There was a sound behind him, and he was startled. The pump-house was a quiet place, and all that he had heard so far was the call of birds in the acacia trees. This was a human noise. He looked round, but there was nothing. Then it came again, drifting through the bush, a squeaking noise as if from an unoiled wheel. Perhaps one of the orphans was wheeling a wheelbarrow or pushing one of those toy cars which children liked to fashion out of bits of old wire and tin.
Mr J.L.B. Matekoni wiped his hands on a piece of rag and stuffed the rag back into his pocket. The noise seemed to be coming closer now, and then he saw it, emerging from the scrub bush that obscured the twists of the path: a wheelchair, in which a girl was sitting, propelling the chair herself. When she looked up from the path ahead of her and saw Mr J.L.B. Matekoni she stopped, her hands gripping the rims of the wheels. For a moment they stared at one another, and then she smiled and began to make her way over the last few yards of pathway.
She greeted him politely, as a well-brought-up child would do.
"I hope that you are well, Rra," she said, offering her right hand while her left hand laid across the forearm in a gesture of respect.
They shook hands.
"I hope that my hands are not too oily," said Mr J.L.B. Matekoni. "I have been working on the pump."
The girl nodded. "I have brought you some water, Rra. Mma Potokwane said that you had come out here without anything to drink and you might be thirsty."
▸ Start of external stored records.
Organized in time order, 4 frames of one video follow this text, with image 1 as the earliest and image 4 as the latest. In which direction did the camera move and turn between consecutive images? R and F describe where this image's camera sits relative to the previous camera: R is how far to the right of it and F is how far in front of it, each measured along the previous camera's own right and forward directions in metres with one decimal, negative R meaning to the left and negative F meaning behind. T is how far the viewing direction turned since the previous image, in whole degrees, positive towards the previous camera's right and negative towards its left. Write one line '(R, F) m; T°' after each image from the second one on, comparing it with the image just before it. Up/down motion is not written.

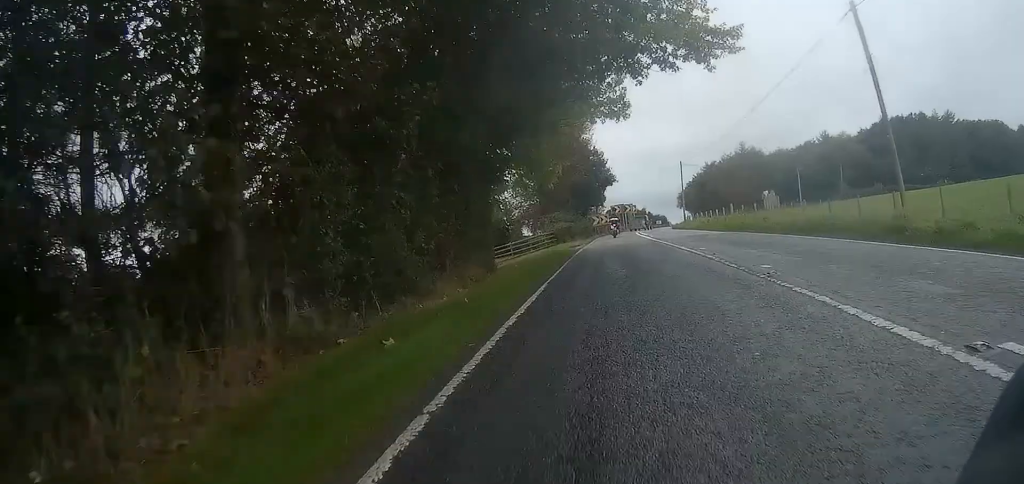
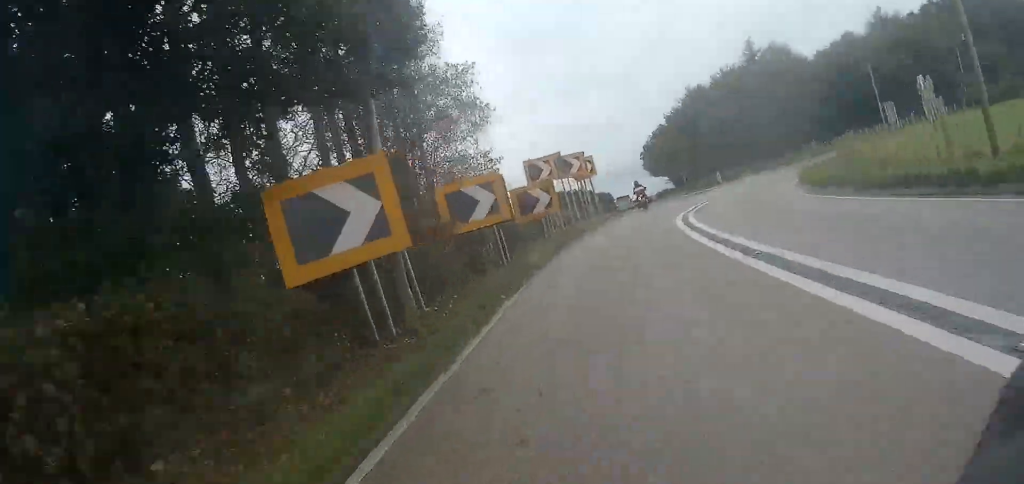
(+0.7, +56.8) m; +3°
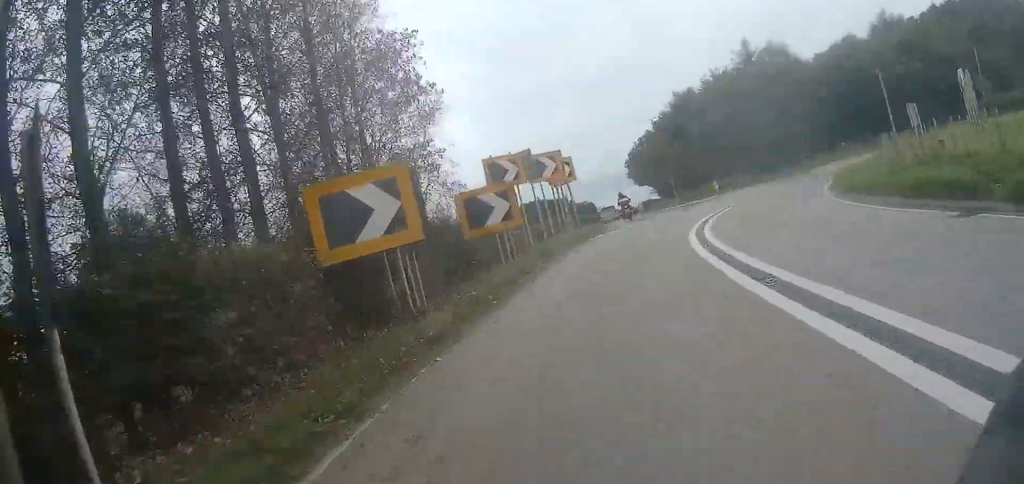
(0.0, +6.1) m; +1°
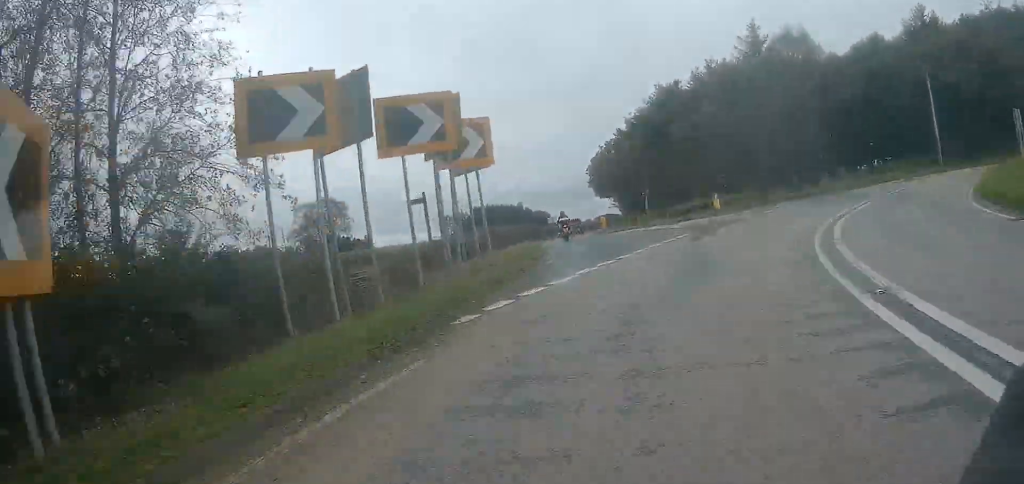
(+0.3, +14.5) m; +3°

She reached into a bag that was slung under the seat of the chair and extracted a bottle.
Mr J.L.B. Matekoni took the water gratefully. He had just begun to feel thirsty and was regretting his failure to bring water with him. He took a swig from the bottle, watching the girl as he drank. She was still very young-about eleven or twelve, he thought-and she had a pleasant, open face. Her hair had been braided, and there were beads worked into the knots. She wore a faded blue dress, almost bleached to white by repeated washings, and a pair of scruffy tackles on her feet.
"Do you live here?" he asked. "On the farm?"
She nodded. "I have been here nearly one year," she answered. "I am here with my young brother. He is only five."
"Where did you come from?"
She lowered her gaze. "We came from up near Francistown. My mother is late. She died three years ago, when I was nine. We lived with a woman, in her yard. Then she told us we had to go."
Mr J.L.B. Matekoni said nothing. Mma Potokwane had told him the stories of some of the orphans, and each time he found that it made his heart smart with pain. In traditional society there was no such thing as an unwanted child; everybody would be looked after by somebody. But things were changing, and now there were orphans. This was particularly so now that there was this disease which was stalking through Africa. There were many more children now without parents and the orphan farm might be the only place for some of them to go. Is this what had happened to this girl? And why was she in a wheelchair?